US President Barack Obama and French counterpart Francois Hollande voiced staunch support for their close ally.

"Our hearts go out to those who may have been injured. It's still an active situation, and Germany's one of our closest allies, so we are going to pledge all the support that they may need in dealing with these circumstances," Obama said.

Austria said it has "significantly" tightened security measures in states sharing a border with Germany and put its elite Cobra police force on high alert.

- String of attacks -

The Munich mall is located near the stadium for the 1972 Olympics and the athletes' village which was the site of the hostage-taking and massacre of Israeli athletes by the Palestinian Black September group during the Games.

The shooting coincides with the fifth anniversary of the the massacre of 77 people in Norway by rightwing fanatic Anders Behring Breivik.

It also comes just days after a teenage asylum seeker went on a rampage with an axe and a knife on a regional train on Monday near Wuerzburg, also in Bavaria, injuring five people.

De Maiziere had said the teenager was believed to be a "lone wolf" who appeared to have been "inspired" by IS but was not a member of the jihadist network.

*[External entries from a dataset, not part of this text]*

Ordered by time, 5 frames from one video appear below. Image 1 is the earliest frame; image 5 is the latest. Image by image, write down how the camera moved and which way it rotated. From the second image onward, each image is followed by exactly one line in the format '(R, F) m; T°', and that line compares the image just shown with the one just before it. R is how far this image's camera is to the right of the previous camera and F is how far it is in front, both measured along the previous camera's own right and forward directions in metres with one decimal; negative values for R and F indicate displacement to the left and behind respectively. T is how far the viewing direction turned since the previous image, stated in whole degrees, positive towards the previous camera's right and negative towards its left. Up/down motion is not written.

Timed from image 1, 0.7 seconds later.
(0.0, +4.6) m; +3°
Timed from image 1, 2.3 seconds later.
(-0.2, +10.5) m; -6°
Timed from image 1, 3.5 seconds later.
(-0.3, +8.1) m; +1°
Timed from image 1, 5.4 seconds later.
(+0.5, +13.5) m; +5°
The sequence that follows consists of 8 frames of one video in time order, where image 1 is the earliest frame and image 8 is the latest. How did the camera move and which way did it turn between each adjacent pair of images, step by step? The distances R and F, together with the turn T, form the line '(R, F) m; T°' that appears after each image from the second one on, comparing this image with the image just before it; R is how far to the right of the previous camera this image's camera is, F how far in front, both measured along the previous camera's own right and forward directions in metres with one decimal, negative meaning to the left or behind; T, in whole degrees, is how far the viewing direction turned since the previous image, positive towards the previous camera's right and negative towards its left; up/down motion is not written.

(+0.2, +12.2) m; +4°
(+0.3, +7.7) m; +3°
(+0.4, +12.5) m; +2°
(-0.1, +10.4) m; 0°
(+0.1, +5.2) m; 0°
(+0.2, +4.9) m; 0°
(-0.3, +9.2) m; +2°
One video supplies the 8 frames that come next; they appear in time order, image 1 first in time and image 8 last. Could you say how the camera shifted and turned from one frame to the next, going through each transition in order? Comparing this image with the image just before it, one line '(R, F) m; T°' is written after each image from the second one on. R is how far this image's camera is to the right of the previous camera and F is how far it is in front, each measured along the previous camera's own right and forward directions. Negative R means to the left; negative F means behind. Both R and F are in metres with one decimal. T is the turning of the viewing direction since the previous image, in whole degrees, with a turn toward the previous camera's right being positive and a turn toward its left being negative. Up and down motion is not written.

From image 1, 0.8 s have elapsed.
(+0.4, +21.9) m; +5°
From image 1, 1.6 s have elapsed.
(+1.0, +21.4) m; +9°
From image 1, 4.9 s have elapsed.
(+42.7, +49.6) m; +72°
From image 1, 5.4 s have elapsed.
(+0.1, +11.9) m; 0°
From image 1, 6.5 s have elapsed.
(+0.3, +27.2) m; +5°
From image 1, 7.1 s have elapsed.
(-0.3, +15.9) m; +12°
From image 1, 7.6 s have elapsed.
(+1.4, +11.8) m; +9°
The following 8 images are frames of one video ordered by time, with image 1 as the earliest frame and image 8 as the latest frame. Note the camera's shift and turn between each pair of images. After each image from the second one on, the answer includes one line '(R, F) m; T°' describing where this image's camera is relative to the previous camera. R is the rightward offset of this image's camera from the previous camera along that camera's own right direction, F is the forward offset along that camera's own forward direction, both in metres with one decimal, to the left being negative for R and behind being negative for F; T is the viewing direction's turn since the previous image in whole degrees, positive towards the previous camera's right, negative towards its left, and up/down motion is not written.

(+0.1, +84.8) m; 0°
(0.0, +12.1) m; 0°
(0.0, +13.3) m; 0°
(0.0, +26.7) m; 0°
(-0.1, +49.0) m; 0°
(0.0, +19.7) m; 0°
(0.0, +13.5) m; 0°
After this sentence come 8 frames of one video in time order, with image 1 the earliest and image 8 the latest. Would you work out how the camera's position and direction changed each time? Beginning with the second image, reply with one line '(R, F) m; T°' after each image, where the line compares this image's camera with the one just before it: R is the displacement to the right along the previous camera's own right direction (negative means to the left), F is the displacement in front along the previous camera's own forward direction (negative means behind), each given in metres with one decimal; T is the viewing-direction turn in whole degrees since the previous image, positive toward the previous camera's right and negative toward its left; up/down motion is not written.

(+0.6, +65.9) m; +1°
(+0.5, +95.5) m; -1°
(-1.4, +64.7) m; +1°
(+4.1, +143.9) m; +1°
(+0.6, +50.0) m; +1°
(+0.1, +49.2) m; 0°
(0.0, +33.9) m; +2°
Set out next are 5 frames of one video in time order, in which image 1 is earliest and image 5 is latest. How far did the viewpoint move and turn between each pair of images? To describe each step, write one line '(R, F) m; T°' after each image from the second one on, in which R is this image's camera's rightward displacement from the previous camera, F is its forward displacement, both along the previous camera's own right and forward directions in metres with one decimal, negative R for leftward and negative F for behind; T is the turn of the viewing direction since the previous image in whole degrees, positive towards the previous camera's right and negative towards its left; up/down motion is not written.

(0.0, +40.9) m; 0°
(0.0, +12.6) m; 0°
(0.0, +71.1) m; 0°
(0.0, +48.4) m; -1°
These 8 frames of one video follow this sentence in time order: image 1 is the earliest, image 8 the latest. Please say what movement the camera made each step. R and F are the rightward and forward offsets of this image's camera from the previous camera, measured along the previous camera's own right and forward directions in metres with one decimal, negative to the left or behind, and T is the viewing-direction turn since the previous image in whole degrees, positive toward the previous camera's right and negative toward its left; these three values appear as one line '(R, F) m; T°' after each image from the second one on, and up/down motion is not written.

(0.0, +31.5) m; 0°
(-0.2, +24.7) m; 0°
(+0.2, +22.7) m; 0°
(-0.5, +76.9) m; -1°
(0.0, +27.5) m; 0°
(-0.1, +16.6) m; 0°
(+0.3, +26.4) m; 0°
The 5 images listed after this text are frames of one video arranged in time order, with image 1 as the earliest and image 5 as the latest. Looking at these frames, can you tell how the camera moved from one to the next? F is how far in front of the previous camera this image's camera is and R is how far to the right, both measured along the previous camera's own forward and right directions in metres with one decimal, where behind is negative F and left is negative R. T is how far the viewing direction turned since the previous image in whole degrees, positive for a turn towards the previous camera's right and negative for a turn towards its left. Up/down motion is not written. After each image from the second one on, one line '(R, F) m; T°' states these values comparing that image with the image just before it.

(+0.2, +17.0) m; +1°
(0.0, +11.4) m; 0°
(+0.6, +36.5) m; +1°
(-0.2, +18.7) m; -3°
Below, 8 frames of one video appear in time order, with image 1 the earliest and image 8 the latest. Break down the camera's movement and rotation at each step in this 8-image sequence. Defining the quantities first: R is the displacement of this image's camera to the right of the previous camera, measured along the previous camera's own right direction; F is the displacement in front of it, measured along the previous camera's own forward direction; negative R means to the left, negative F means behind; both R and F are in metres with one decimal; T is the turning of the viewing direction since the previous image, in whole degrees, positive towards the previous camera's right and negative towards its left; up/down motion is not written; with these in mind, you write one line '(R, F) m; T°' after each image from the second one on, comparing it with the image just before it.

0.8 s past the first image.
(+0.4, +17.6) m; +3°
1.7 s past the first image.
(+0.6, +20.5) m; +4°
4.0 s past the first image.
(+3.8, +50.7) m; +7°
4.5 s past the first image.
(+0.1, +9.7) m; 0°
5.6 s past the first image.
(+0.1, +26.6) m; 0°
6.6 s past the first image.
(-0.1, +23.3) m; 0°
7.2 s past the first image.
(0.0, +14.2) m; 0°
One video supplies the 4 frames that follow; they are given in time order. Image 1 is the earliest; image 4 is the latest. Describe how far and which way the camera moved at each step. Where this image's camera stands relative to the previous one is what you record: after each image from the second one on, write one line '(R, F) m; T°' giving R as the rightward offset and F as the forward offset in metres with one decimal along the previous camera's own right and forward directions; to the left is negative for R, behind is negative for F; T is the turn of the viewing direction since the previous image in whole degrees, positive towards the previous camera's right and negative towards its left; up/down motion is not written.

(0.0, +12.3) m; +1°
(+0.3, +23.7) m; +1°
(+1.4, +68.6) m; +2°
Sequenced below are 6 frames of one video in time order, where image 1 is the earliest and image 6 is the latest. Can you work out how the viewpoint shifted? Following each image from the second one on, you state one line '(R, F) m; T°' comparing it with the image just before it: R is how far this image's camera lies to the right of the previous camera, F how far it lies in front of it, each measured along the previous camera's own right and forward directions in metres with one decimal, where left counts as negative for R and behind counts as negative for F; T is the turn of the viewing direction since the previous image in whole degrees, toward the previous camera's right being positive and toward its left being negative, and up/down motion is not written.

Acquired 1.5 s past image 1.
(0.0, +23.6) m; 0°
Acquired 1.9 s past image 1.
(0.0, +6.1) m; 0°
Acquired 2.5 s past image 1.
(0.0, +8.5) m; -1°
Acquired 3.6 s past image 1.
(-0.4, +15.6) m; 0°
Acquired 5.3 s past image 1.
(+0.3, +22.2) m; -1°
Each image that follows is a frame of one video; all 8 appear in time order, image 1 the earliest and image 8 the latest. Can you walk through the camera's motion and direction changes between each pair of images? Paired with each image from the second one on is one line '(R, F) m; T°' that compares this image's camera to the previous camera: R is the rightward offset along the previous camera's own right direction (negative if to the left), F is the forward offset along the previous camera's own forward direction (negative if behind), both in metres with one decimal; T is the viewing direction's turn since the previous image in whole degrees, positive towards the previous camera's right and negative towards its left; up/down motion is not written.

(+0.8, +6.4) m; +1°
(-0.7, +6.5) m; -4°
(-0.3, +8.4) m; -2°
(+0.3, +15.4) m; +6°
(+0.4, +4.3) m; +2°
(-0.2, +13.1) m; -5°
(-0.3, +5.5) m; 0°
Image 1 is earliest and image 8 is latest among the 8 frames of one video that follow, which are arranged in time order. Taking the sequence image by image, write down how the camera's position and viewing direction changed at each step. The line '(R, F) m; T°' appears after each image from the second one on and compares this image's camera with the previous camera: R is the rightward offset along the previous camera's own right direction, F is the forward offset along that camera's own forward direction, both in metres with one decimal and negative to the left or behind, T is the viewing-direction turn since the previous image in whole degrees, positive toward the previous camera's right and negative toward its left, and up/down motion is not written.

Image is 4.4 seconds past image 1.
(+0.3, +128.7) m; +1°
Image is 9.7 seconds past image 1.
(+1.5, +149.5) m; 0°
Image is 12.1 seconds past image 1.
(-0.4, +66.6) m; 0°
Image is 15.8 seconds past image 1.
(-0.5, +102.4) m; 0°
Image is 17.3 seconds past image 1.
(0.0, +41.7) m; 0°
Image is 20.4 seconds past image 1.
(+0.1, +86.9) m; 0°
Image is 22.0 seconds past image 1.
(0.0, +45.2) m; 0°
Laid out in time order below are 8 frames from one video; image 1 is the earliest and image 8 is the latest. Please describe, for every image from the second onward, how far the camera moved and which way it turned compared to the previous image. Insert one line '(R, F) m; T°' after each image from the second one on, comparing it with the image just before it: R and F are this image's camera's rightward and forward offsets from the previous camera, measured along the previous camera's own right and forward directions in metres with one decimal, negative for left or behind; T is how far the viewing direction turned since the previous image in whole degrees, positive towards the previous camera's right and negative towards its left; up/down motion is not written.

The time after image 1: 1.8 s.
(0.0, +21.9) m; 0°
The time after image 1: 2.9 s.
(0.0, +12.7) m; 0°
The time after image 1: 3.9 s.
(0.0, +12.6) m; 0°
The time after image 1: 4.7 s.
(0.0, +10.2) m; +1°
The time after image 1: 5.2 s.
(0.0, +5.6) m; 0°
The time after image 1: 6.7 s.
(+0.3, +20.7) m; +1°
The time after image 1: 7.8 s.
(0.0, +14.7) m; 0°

The train rampage triggered calls by politicians in Bavaria to impose an upper limit on the number of refugees coming into Germany -- many of them via the southern state.

A record 1.1 million migrants and refugees were let in to Germany last year, with Syrians making up the largest group followed by Afghans.

The mall shooting came just eight days after 31-year-old Mohamed Lahouaiej Bouhlel used a truck to mow down 84 people, including children, in the French Riviera city of Nice.

It was the third major attack on French soil in the past 18 months.
In March, IS claimed suicide bombings at Brussels airport and a city metro station that left 32 people dead.

In May, a mentally unstable 27-year-old man carried out a knife attack on a regional train in Bavaria, killing one person and injuring three others.